Thursday, July 14, 2005

Are blogs another way to publish content?

Folks,
The people from the blogging survey asked this question of me via e-mail. Read my answer below. I would love to see you all add to this answer with your thoughts and ideas.
thanks
farida



Question: Please rate your blog's impact on the following factors in your company.

Another way to publish content and ideas was the top answer to question eight in survey.

Do you think this answer means that companies did not have the place to publish certain ideas and content, or that a blog is just another place to publish the same type of content you might publish on your corporate website?

Answer: If I had to pick I would say the latter for sure. But the reason why organizations could use another publishing medium is in part due to saturation of existing media and in part due to a change in how we work. An analogy that best describes this is television. Product companies have realized that the effectiveness of their television advertising has dropped considerably. Are people watching less TV? I wish! The availability of on demand television through Tivo and DVRs have led to a drop in "commercials" watching. People record their shows and fast forward through the commercials. So product companies have had to think of other ways of getting the message out and an example of that which everyone recognizes is the partnership with TV shows like The Apprentice. Pontiac sold more cars and Burger King sold more burgers because the show used those products in their competitions.
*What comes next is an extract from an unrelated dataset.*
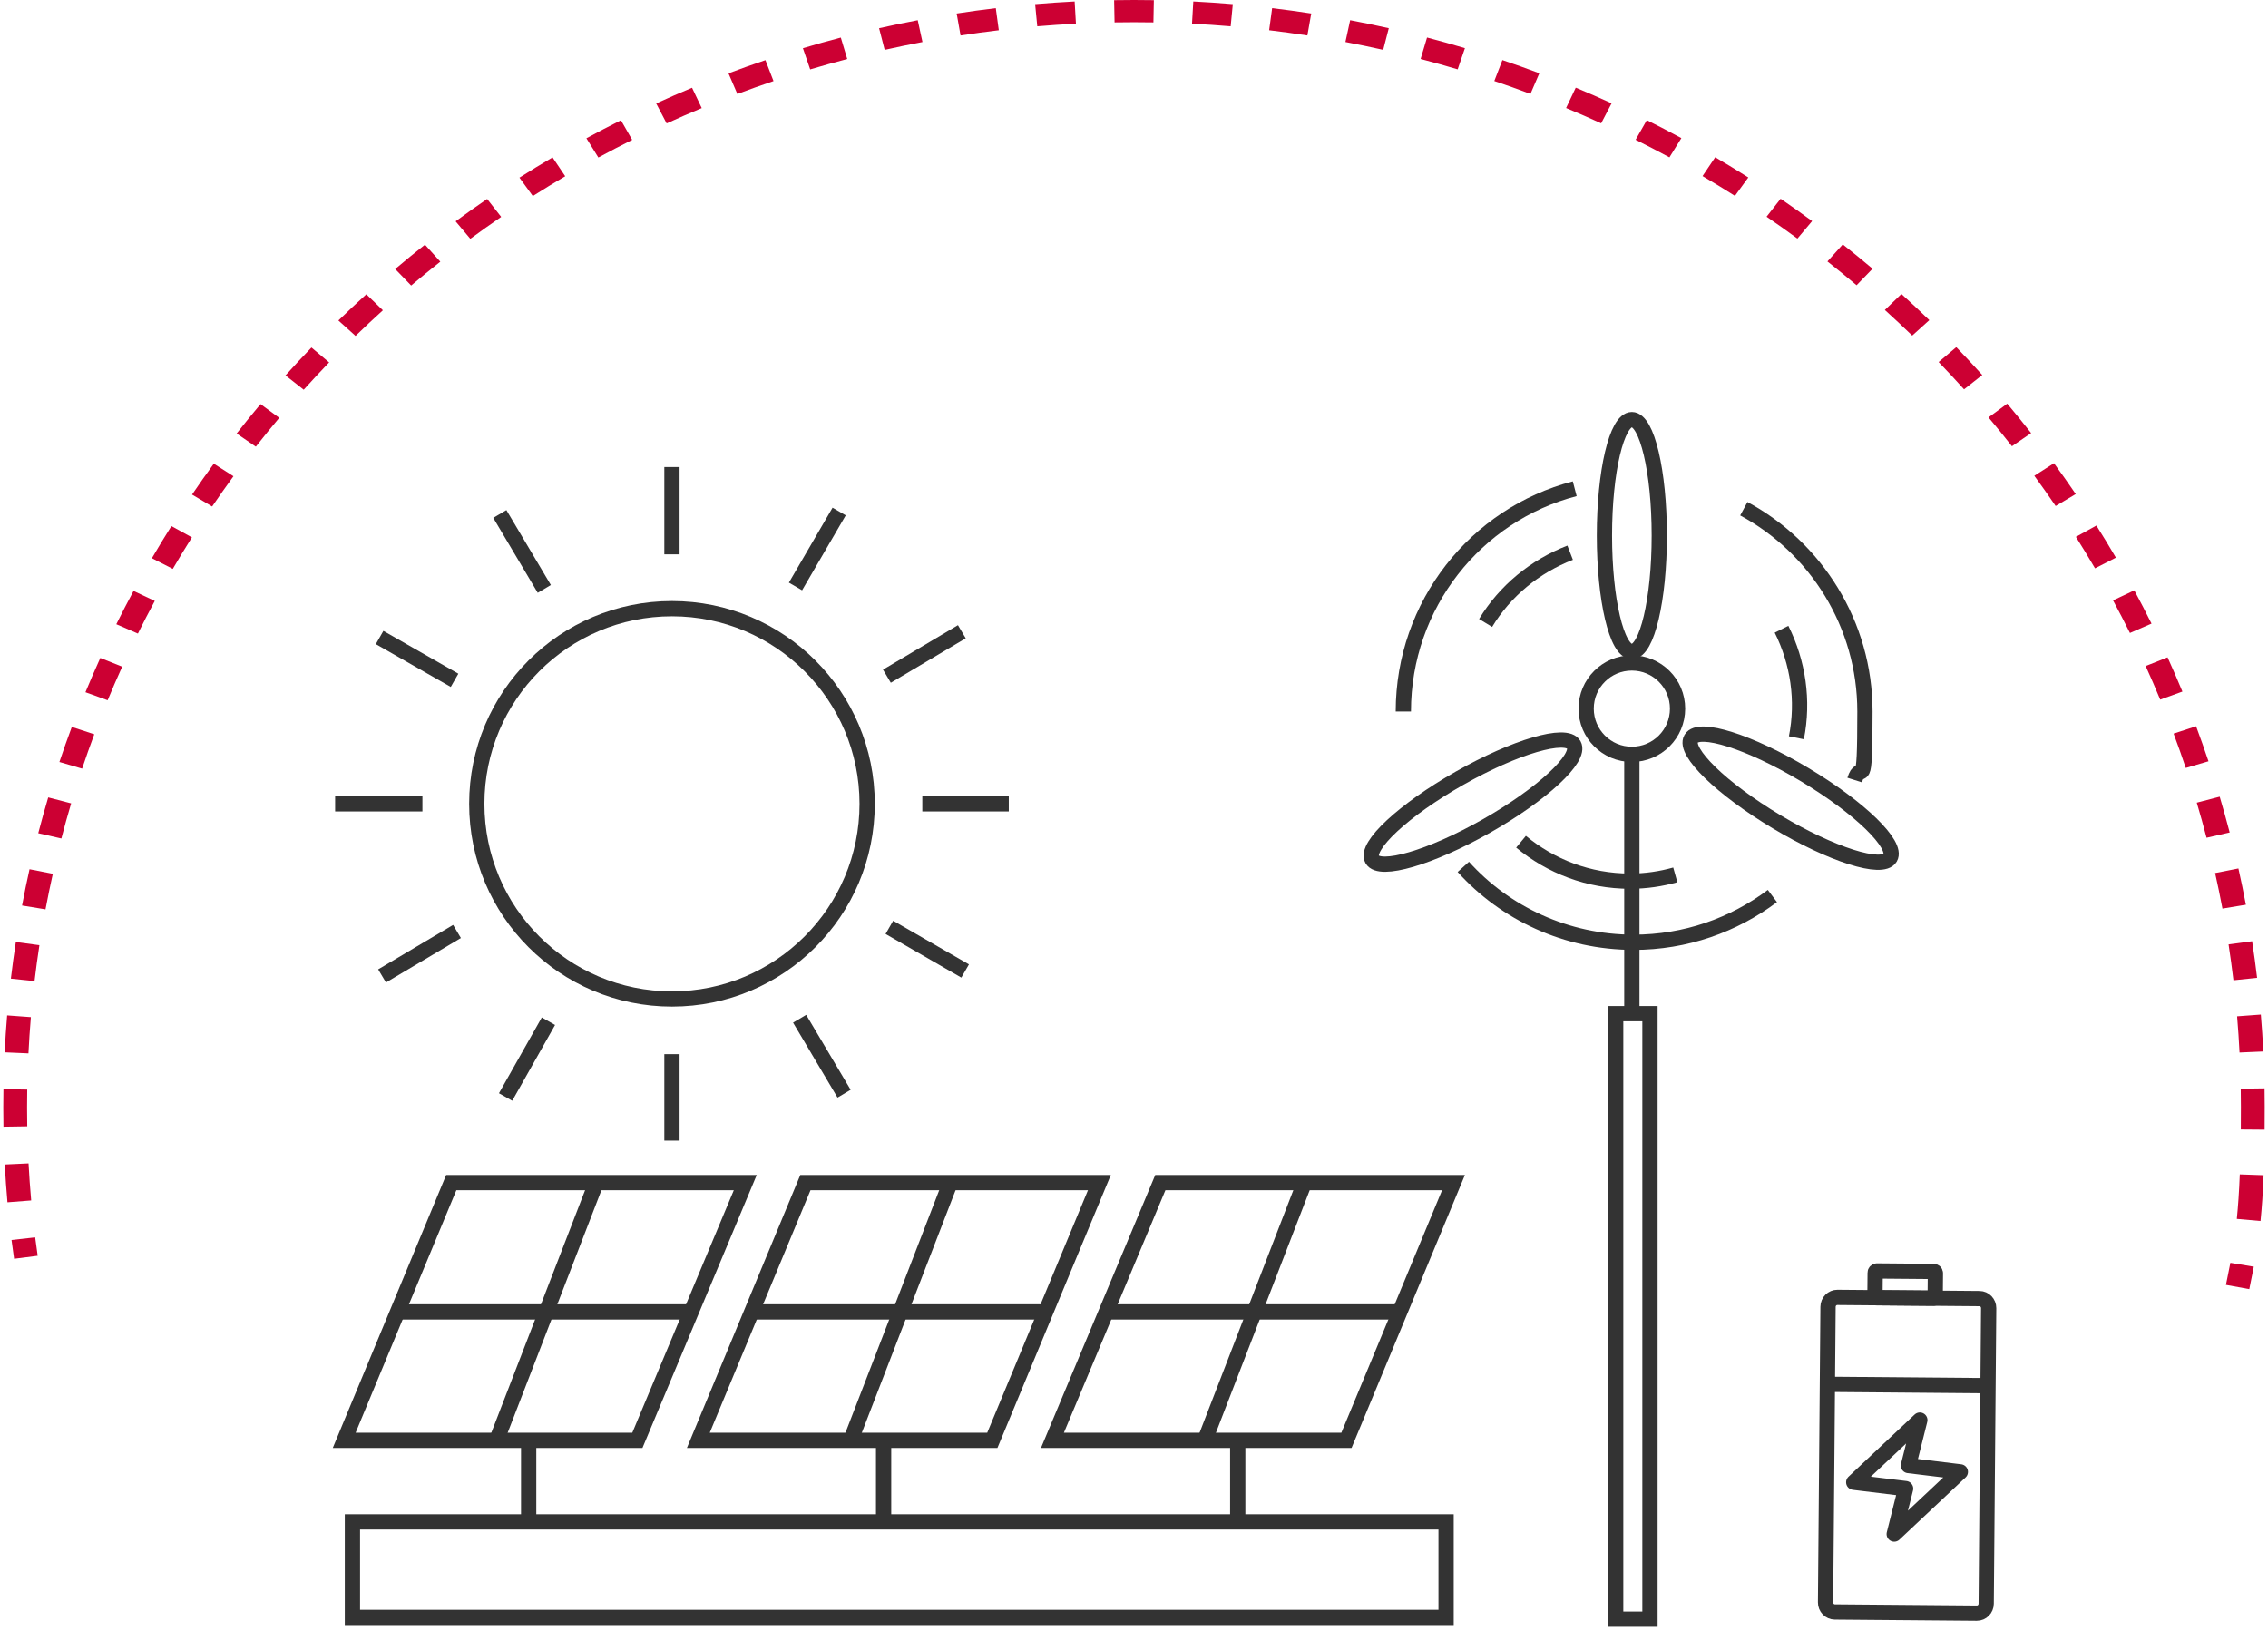 <svg xmlns="http://www.w3.org/2000/svg" width="224" height="163" viewBox="0 0 224 163" fill="none"><path d="M142.824 150.327H34.808V159.762H142.824V150.327Z" stroke="#333333" stroke-width="1.507" stroke-miterlimit="10"></path><path d="M62.95 142.274H33.994L44.568 116.816H73.606L62.95 142.274Z" stroke="#333333" stroke-width="1.507" stroke-miterlimit="10"></path><path d="M49.042 142.274L58.884 116.816" stroke="#333333" stroke-width="1.507" stroke-miterlimit="10"></path><path d="M39.281 129.586H68.319" stroke="#333333" stroke-width="1.507" stroke-miterlimit="10"></path><path d="M52.214 142.274V150.327" stroke="#333333" stroke-width="1.507" stroke-miterlimit="10"></path><path d="M98.007 142.274H68.97L79.544 116.816H108.581L98.007 142.274Z" stroke="#333333" stroke-width="1.507" stroke-miterlimit="10"></path><path d="M84.018 142.274L93.859 116.816" stroke="#333333" stroke-width="1.507" stroke-miterlimit="10"></path><path d="M74.256 129.586H103.293" stroke="#333333" stroke-width="1.507" stroke-miterlimit="10"></path><path d="M87.269 142.274V150.327" stroke="#333333" stroke-width="1.507" stroke-miterlimit="10"></path><path d="M132.982 142.274H103.944L114.6 116.816H143.556L132.982 142.274Z" stroke="#333333" stroke-width="1.507" stroke-miterlimit="10"></path><path d="M118.992 142.274L128.834 116.816" stroke="#333333" stroke-width="1.507" stroke-miterlimit="10"></path><path d="M109.231 129.586H138.269" stroke="#333333" stroke-width="1.507" stroke-miterlimit="10"></path><path d="M122.245 142.274V150.327" stroke="#333333" stroke-width="1.507" stroke-miterlimit="10"></path><path d="M66.367 98.677C77.013 98.677 85.644 90.047 85.644 79.4C85.644 68.754 77.013 60.123 66.367 60.123C55.72 60.123 47.09 68.754 47.09 79.4C47.09 90.047 55.72 98.677 66.367 98.677Z" stroke="#333333" stroke-width="1.507" stroke-miterlimit="10"></path><path d="M66.366 54.755V46.133" stroke="#333333" stroke-width="1.507" stroke-miterlimit="10"></path><path d="M91.093 79.4H99.633" stroke="#333333" stroke-width="1.507" stroke-miterlimit="10"></path><path d="M66.366 104.127V112.668" stroke="#333333" stroke-width="1.507" stroke-miterlimit="10"></path><path d="M41.721 79.4H33.1" stroke="#333333" stroke-width="1.507" stroke-miterlimit="10"></path><path d="M78.567 57.928L82.878 50.526" stroke="#333333" stroke-width="1.507" stroke-miterlimit="10"></path><path d="M87.839 91.601L95.322 95.912" stroke="#333333" stroke-width="1.507" stroke-miterlimit="10"></path><path d="M54.166 100.874L49.937 108.357" stroke="#333333" stroke-width="1.507" stroke-miterlimit="10"></path><path d="M44.894 67.2L37.492 62.971" stroke="#333333" stroke-width="1.507" stroke-miterlimit="10"></path><path d="M87.596 66.793L94.997 62.401" stroke="#333333" stroke-width="1.507" stroke-miterlimit="10"></path><path d="M78.975 100.63L83.367 108.031" stroke="#333333" stroke-width="1.507" stroke-miterlimit="10"></path><path d="M45.137 92.008L37.735 96.4" stroke="#333333" stroke-width="1.507" stroke-miterlimit="10"></path><path d="M53.758 58.171L49.366 50.77" stroke="#333333" stroke-width="1.507" stroke-miterlimit="10"></path><path d="M175.052 88.505C171.215 91.382 166.475 93.075 161.341 93.075C154.683 93.075 148.645 90.198 144.526 85.627" stroke="#333333" stroke-width="1.507" stroke-miterlimit="10"></path><path d="M172.23 50.25C179.34 54.086 184.192 61.647 184.192 70.28C184.192 78.913 183.854 74.907 183.177 77.051" stroke="#333333" stroke-width="1.507" stroke-miterlimit="10"></path><path d="M138.602 70.28C138.602 59.729 145.767 50.814 155.529 48.275" stroke="#333333" stroke-width="1.507" stroke-miterlimit="10"></path><path d="M165.46 86.417C164.049 86.812 162.582 87.038 161.002 87.038C156.884 87.038 153.16 85.571 150.226 83.144" stroke="#333333" stroke-width="1.507" stroke-miterlimit="10"></path><path d="M146.727 61.534C148.645 58.375 151.579 55.948 155.077 54.594" stroke="#333333" stroke-width="1.507" stroke-miterlimit="10"></path><path d="M175.954 62.155C177.59 65.427 178.155 69.208 177.421 72.875" stroke="#333333" stroke-width="1.507" stroke-miterlimit="10"></path><path d="M161.171 64.356C162.667 64.356 163.88 59.227 163.88 52.901C163.88 46.576 162.667 41.447 161.171 41.447C159.675 41.447 158.463 46.576 158.463 52.901C158.463 59.227 159.675 64.356 161.171 64.356Z" stroke="#333333" stroke-width="1.507" stroke-miterlimit="10"></path><path d="M146.818 81.586C152.319 78.461 156.179 74.874 155.44 73.573C154.701 72.273 149.643 73.751 144.143 76.876C138.642 80.001 134.783 83.588 135.521 84.889C136.26 86.189 141.318 84.71 146.818 81.586Z" stroke="#333333" stroke-width="1.507" stroke-miterlimit="10"></path><path d="M186.682 84.726C187.45 83.442 183.673 79.768 178.245 76.52C172.817 73.271 167.794 71.678 167.026 72.962C166.257 74.245 170.035 77.919 175.463 81.168C180.891 84.416 185.914 86.009 186.682 84.726Z" stroke="#333333" stroke-width="1.507" stroke-miterlimit="10"></path><path d="M161.171 74.512C163.664 74.512 165.685 72.491 165.685 69.998C165.685 67.505 163.664 65.484 161.171 65.484C158.678 65.484 156.657 67.505 156.657 69.998C156.657 72.491 158.678 74.512 161.171 74.512Z" stroke="#333333" stroke-width="1.507" stroke-miterlimit="10"></path><path d="M161.171 74.512V100.072" stroke="#333333" stroke-width="1.507" stroke-miterlimit="10"></path><path d="M162.96 100.128H159.574V159.937H162.96V100.128Z" stroke="#333333" stroke-width="1.507" stroke-miterlimit="10"></path><path d="M195.502 128.27L181.473 128.152C180.966 128.148 180.551 128.565 180.547 129.084L180.302 158.277C180.297 158.795 180.705 159.219 181.213 159.224L195.241 159.342C195.749 159.346 196.164 158.929 196.168 158.41L196.413 129.217C196.417 128.698 196.01 128.274 195.502 128.27Z" stroke="#333333" stroke-width="1.507" stroke-miterlimit="10"></path><path d="M190.973 125.588L185.383 125.541C185.284 125.54 185.202 125.617 185.202 125.714L185.182 128.009C185.182 128.105 185.262 128.184 185.361 128.185L190.95 128.232C191.05 128.233 191.131 128.155 191.132 128.059L191.151 125.764C191.152 125.667 191.072 125.588 190.973 125.588Z" stroke="#333333" stroke-width="1.507" stroke-miterlimit="10"></path><path d="M180.48 136.739L196.347 136.872" stroke="#333333" stroke-width="1.507" stroke-miterlimit="10"></path><path d="M189.615 140.273L183.084 146.413L188.21 147.039L187.083 151.527L193.615 145.387L188.489 144.761L189.615 140.273Z" stroke="#333333" stroke-width="1.507" stroke-linecap="round" stroke-linejoin="round"></path><path fill-rule="evenodd" clip-rule="evenodd" d="M112 2.198C111.359 2.198 110.719 2.204 110.081 2.214L110.038 0.017C110.691 0.006 111.345 0 112 0C112.655 0 113.308 0.006 113.96 0.017L113.918 2.214C113.28 2.204 112.64 2.198 112 2.198ZM121.547 2.601C120.281 2.494 119.008 2.407 117.73 2.343L117.857 0.148C119.164 0.214 120.465 0.302 121.759 0.412L121.547 2.601ZM106.266 2.343C104.988 2.408 103.715 2.494 102.448 2.601L102.236 0.412C103.531 0.302 104.832 0.214 106.139 0.148L106.266 2.343ZM129.123 3.505C127.87 3.312 126.611 3.139 125.346 2.988L125.643 0.808C126.937 0.962 128.225 1.138 129.505 1.336L129.123 3.505ZM98.648 2.989C97.381 3.14 96.122 3.313 94.869 3.506L94.486 1.337C95.767 1.139 97.055 0.963 98.35 0.809L98.648 2.989ZM136.613 4.924C135.378 4.646 134.134 4.388 132.882 4.15L133.349 1.996C134.629 2.239 135.901 2.503 137.165 2.787L136.613 4.924ZM91.108 4.152C89.856 4.39 88.611 4.648 87.375 4.927L86.823 2.79C88.088 2.505 89.36 2.241 90.64 1.998L91.108 4.152ZM143.968 6.851C142.757 6.489 141.537 6.147 140.309 5.825L140.943 3.708C142.199 4.037 143.447 4.387 144.685 4.758L143.968 6.851ZM83.678 5.829C82.449 6.151 81.229 6.493 80.017 6.856L79.3 4.763C80.539 4.392 81.787 4.041 83.043 3.712L83.678 5.829ZM151.157 9.275C149.977 8.831 148.786 8.407 147.587 8.002L148.385 5.935C149.611 6.348 150.828 6.782 152.034 7.236L151.157 9.275ZM76.397 8.008C75.197 8.413 74.007 8.838 72.826 9.283L71.948 7.243C73.155 6.789 74.372 6.355 75.599 5.941L76.397 8.008ZM158.139 12.179C156.995 11.656 155.84 11.152 154.675 10.668L155.63 8.659C156.821 9.155 158.002 9.67 159.171 10.204L158.139 12.179ZM69.307 10.677C68.141 11.162 66.986 11.666 65.842 12.189L64.809 10.215C65.979 9.68 67.159 9.164 68.351 8.668L69.307 10.677ZM164.881 15.543C163.779 14.946 162.666 14.366 161.542 13.805L162.649 11.866C163.798 12.439 164.935 13.031 166.061 13.642L164.881 15.543ZM62.438 13.817C61.313 14.379 60.2 14.959 59.098 15.557L57.917 13.657C59.043 13.045 60.18 12.452 61.33 11.878L62.438 13.817ZM171.352 19.347C170.298 18.678 169.231 18.026 168.152 17.392L169.403 15.531C170.506 16.179 171.595 16.845 172.672 17.528L171.352 19.347ZM55.826 17.408C54.747 18.043 53.68 18.695 52.625 19.365L51.304 17.547C52.381 16.863 53.471 16.196 54.574 15.547L55.826 17.408ZM177.523 23.566C176.521 22.829 175.505 22.109 174.476 21.406L175.864 19.631C176.915 20.35 177.952 21.085 178.976 21.837L177.523 23.566ZM49.5 21.426C48.472 22.13 47.456 22.851 46.453 23.589L45 21.861C46.023 21.108 47.061 20.372 48.112 19.652L49.5 21.426ZM183.367 28.174C182.421 27.375 181.461 26.591 180.487 25.823L182.003 24.142C182.997 24.927 183.978 25.727 184.944 26.543L183.367 28.174ZM43.489 25.848C42.515 26.617 41.555 27.401 40.609 28.202L39.032 26.572C39.997 25.755 40.978 24.953 41.972 24.168L43.489 25.848ZM188.861 33.147C187.975 32.289 187.075 31.445 186.159 30.617L187.795 29.038C188.729 29.883 189.649 30.745 190.553 31.621L188.861 33.147ZM37.817 30.647C36.902 31.476 36.001 32.321 35.115 33.18L33.422 31.655C34.327 30.777 35.246 29.915 36.181 29.069L37.817 30.647ZM193.982 38.457C193.16 37.544 192.322 36.645 191.469 35.761L193.215 34.289C194.086 35.192 194.941 36.109 195.78 37.041L193.982 38.457ZM32.508 35.797C31.655 36.682 30.818 37.581 29.996 38.495L28.197 37.08C29.036 36.147 29.89 35.229 30.761 34.326L32.508 35.797ZM198.71 44.077C197.955 43.115 197.184 42.166 196.397 41.231L198.245 39.872C199.048 40.827 199.835 41.795 200.606 42.777L198.71 44.077ZM27.581 41.272C26.794 42.208 26.023 43.158 25.269 44.12L23.372 42.821C24.142 41.839 24.929 40.87 25.732 39.914L27.581 41.272ZM203.028 49.981C202.342 48.973 201.64 47.978 200.921 46.995L202.862 45.754C203.595 46.757 204.312 47.773 205.012 48.801L203.028 49.981ZM23.059 47.041C22.34 48.025 21.638 49.021 20.953 50.029L18.969 48.851C19.668 47.822 20.384 46.805 21.117 45.801L23.059 47.041ZM206.917 56.137C206.304 55.09 205.674 54.054 205.027 53.029L207.051 51.912C207.712 52.957 208.354 54.014 208.979 55.083L206.917 56.137ZM18.955 53.081C18.308 54.106 17.679 55.143 17.067 56.191L15.003 55.138C15.628 54.069 16.27 53.011 16.93 51.964L18.955 53.081ZM210.365 62.524C209.827 61.44 209.27 60.367 208.697 59.304L210.795 58.313C211.381 59.398 211.948 60.493 212.497 61.598L210.365 62.524ZM15.288 59.36C14.715 60.424 14.159 61.498 13.621 62.583L11.488 61.659C12.037 60.552 12.604 59.456 13.189 58.371L15.288 59.36ZM213.355 69.105C212.894 67.99 212.415 66.885 211.917 65.79L214.081 64.93C214.589 66.048 215.078 67.175 215.548 68.311L213.355 69.105ZM12.07 65.852C11.573 66.948 11.094 68.053 10.633 69.168L8.44 68.376C8.91 67.239 9.399 66.111 9.906 64.993L12.07 65.852ZM215.881 75.856C215.499 74.717 215.098 73.586 214.678 72.464L216.898 71.739C217.326 72.883 217.735 74.036 218.124 75.198L215.881 75.856ZM9.312 72.53C8.893 73.653 8.492 74.784 8.111 75.924L5.867 75.267C6.256 74.105 6.665 72.951 7.092 71.806L9.312 72.53ZM217.933 82.75C217.63 81.588 217.307 80.433 216.966 79.285L219.231 78.696C219.579 79.866 219.908 81.044 220.217 82.23L217.933 82.75ZM7.027 79.356C6.686 80.504 6.364 81.659 6.062 82.823L3.777 82.303C4.086 81.117 4.414 79.938 4.762 78.767L7.027 79.356ZM219.502 89.747C219.28 88.57 219.038 87.399 218.777 86.236L221.078 85.784C221.344 86.971 221.591 88.165 221.817 89.365L219.502 89.747ZM5.218 86.31C4.958 87.474 4.716 88.645 4.495 89.823L2.179 89.443C2.405 88.241 2.651 87.047 2.917 85.86L5.218 86.31ZM220.588 96.829C220.447 95.641 220.286 94.46 220.106 93.284L222.433 92.972C222.617 94.171 222.781 95.376 222.924 96.587L220.588 96.829ZM3.892 93.362C3.712 94.538 3.551 95.721 3.411 96.909L1.074 96.667C1.217 95.456 1.381 94.25 1.564 93.051L3.892 93.362ZM221.189 103.966C221.129 102.769 221.049 101.576 220.949 100.39L223.293 100.217C223.395 101.427 223.476 102.642 223.538 103.863L221.189 103.966ZM3.05 100.471C2.95 101.659 2.87 102.852 2.81 104.05L0.461 103.947C0.523 102.726 0.604 101.51 0.706 100.299L3.05 100.471ZM221.324 109.333C221.324 108.733 221.319 108.134 221.309 107.537L223.66 107.502C223.67 108.111 223.675 108.721 223.675 109.333C223.675 110.124 223.672 110.873 223.666 111.583L221.315 111.564C221.321 110.861 221.324 110.119 221.324 109.333ZM2.69 107.622C2.68 108.22 2.675 108.819 2.675 109.419C2.675 110.032 2.681 110.643 2.691 111.253L0.341 111.289C0.33 110.667 0.324 110.044 0.324 109.419C0.324 108.808 0.329 108.197 0.34 107.588L2.69 107.622ZM2.82 114.918C2.885 116.143 2.972 117.363 3.081 118.577L0.738 118.76C0.627 117.521 0.538 116.277 0.472 115.027L2.82 114.918ZM220.921 120.399C221.048 119.144 221.147 117.724 221.215 116.002L223.564 116.083C223.495 117.839 223.394 119.302 223.261 120.607L220.921 120.399ZM3.475 122.224C3.552 122.831 3.635 123.437 3.723 124.042L1.393 124.339C1.303 123.721 1.219 123.103 1.14 122.483L3.475 122.224ZM219.847 126.917C220.005 126.155 220.151 125.443 220.284 124.738L222.599 125.121C222.462 125.844 222.314 126.572 222.154 127.337L219.847 126.917Z" fill="#CC0033"></path></svg>

On a similar note, how we work has changed. We are more collaborative now than ever before. We have access to more information, we have access to higher data speeds, we need more information these days to deal with the global environment than we did before. These changes are leading to the search for more effective means of communicating and blogs is one of them. Its low barrier to entry and ease of use makes it an easy tool for people to collaborate and share. In my opinion Web sites and Intranets are still effective mediums for sharing information but I think they are not getting the credit they deserve because people may been jaded from past experiences of sites that were either not populated with content or stale sites where content never changed.

Farida

3 comments:

Dave S said...
This comment has been removed by a blog administrator.
Dave S said...

Farida,

I'm working on a project that provides a new mechanism for finding quality. The idea is that when there are a large number of people participating in a discussion, the amount of input is too great for a single person to digest. If one post contains a gem, it will presumably, over time, become popular enough to get everyone's attention. But this process can be greatly sped up.

The project attempts to speed up the process of finding quality input by asking participants to sort a set of several posts (the top-level posts under a given topic, or the replies to a given post, for example) into a list reflecting their quality. It combines the ranking input from a number of members to identify those posts that are recognized as having quality. Posts recognized as having less quality can then be skipped by readers who don't have time to read all input.

It seems like it might be interesting to someone in your line of work.

Anonymous said...

We've hacked together a couple of open source projects to set up an enterprise blogging system with secutiry, tagging, taxonomy, rss, workflow, etc. that can support 1000's of bloggers. The core system we use is already supporting the mozilla/firefox gig.